* The problem
Each and every line below goes into your answer unchanged, but leave out the images.

[Recorded data]

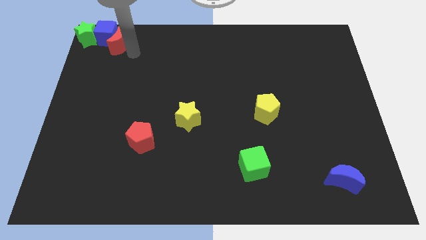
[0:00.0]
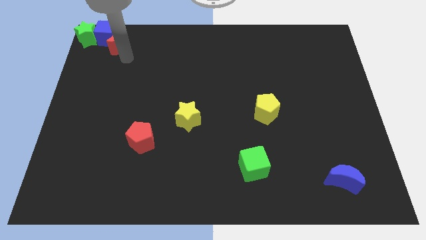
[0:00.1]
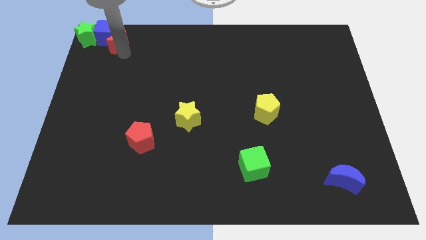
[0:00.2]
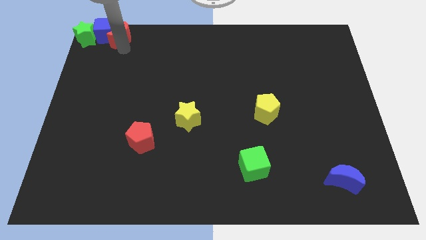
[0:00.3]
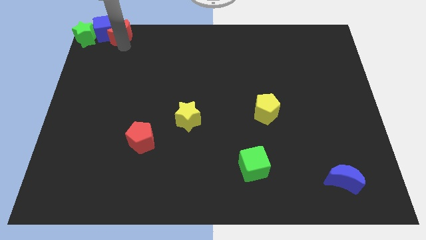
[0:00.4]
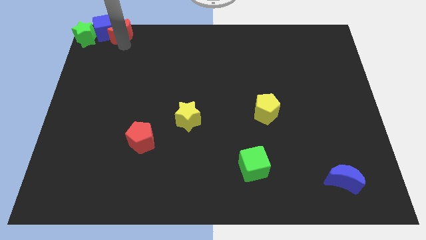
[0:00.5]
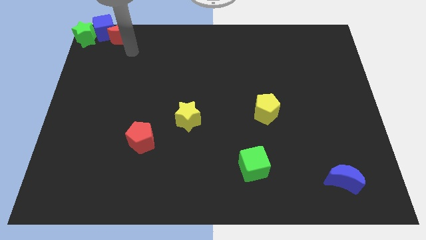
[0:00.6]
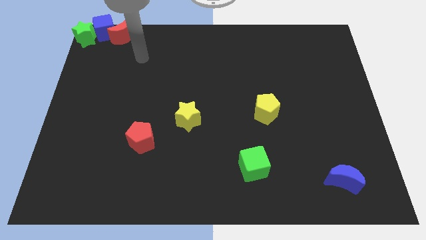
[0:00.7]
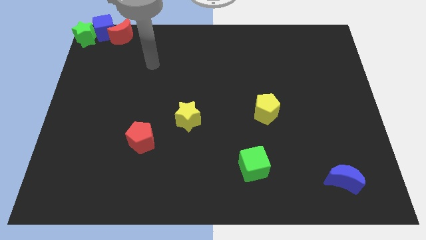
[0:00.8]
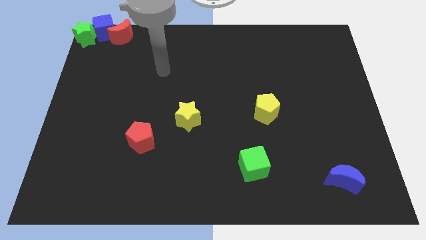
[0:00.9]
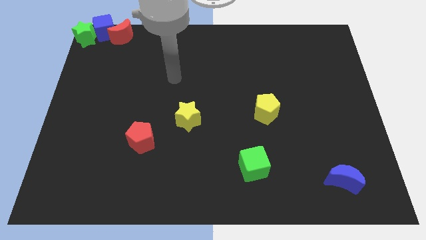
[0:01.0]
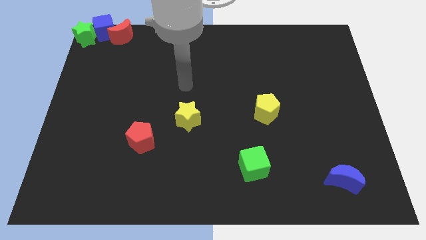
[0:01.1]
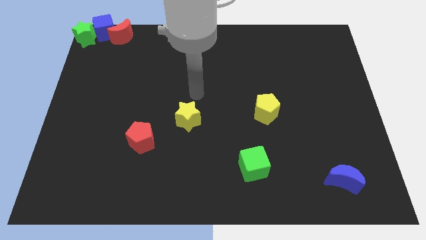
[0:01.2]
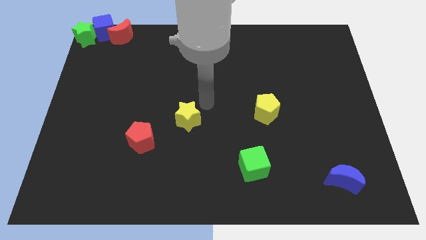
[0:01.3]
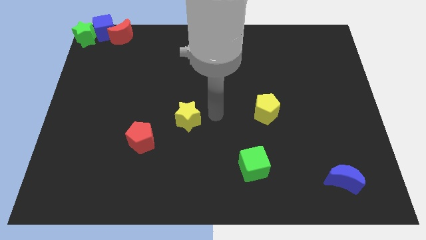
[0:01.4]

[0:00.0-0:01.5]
move your arm away from red moon

[/Recorded data]

* Exercise response
[0:00.0]
[0:00.1]
[0:00.2]
[0:00.3]
[0:00.4]
[0:00.5]
[0:00.6]
[0:00.7]
[0:00.8]
[0:00.9]
[0:01.0]
[0:01.1]
[0:01.2]
[0:01.3]
[0:01.4]

[0:00.0-0:01.5]
move your arm away from red moon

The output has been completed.